Practical Value of Diagrams
Graphical notation is particularly effective for tracking complex networks of contractions among many tensors simultaneously, since the pattern of connecting lines makes the overall structure of a computation visually apparent in a way that a long string of indices often does not. It is less suited to expressing algebraic identities symbolically or to precise written derivations, where index or direct notation remains standard.
Translating Between Notational Styles
A Single Underlying Object
Regardless of which notation is used, index, direct, matrix, dyadic, or graphical, the object being described is the same tensor, and any correct manipulation performed in one notation corresponds to an equivalent, correct manipulation in every other notation.

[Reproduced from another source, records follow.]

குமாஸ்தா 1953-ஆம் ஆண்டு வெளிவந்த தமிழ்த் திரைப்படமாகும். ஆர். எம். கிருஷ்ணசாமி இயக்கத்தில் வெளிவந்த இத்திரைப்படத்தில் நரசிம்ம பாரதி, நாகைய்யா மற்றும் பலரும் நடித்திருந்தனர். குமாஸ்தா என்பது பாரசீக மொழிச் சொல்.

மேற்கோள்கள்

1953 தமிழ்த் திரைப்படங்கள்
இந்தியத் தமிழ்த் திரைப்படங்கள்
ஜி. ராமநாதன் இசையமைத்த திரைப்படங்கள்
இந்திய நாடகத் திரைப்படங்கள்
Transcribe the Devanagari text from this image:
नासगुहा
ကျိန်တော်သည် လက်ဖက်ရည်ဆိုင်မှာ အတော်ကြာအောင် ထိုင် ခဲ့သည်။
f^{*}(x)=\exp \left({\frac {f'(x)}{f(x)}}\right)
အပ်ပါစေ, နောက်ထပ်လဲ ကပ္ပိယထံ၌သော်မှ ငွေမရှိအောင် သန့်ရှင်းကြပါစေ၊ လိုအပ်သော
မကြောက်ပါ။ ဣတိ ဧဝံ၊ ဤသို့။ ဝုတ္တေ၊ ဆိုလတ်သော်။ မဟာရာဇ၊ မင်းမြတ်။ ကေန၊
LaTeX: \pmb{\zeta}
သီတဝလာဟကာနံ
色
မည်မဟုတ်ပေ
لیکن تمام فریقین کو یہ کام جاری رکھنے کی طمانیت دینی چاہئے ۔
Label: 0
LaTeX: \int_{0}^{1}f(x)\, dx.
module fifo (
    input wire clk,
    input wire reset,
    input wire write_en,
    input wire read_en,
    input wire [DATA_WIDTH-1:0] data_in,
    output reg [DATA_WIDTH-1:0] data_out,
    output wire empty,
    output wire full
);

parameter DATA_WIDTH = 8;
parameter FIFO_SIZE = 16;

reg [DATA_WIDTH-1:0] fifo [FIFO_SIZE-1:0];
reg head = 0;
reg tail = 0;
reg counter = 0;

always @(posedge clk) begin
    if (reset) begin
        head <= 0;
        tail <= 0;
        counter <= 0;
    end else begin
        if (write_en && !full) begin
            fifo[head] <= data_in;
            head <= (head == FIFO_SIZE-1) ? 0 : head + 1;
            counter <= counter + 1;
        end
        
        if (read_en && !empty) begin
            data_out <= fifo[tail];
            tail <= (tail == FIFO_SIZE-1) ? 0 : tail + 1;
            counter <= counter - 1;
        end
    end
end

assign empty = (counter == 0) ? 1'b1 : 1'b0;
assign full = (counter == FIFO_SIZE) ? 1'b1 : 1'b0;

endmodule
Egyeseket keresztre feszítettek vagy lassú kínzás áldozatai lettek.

Learning to translate confidently between these styles is what allows a computation carried out efficiently in index notation to be checked structurally against a diagram, or stated compactly in direct notation for inclusion in a general theorem.
Choosing a Notation for the Task
In practice, the choice of notation is governed by the task at hand: index notation for explicit computation and verification, direct notation for stating general results, matrix or dyadic notation for low-rank tensors tied to a physical basis, and graphical notation for visualizing complex contraction patterns. Tensor algebra notation, taken as a whole, is this entire toolkit together with the judgment needed to select the right tool for a given purpose.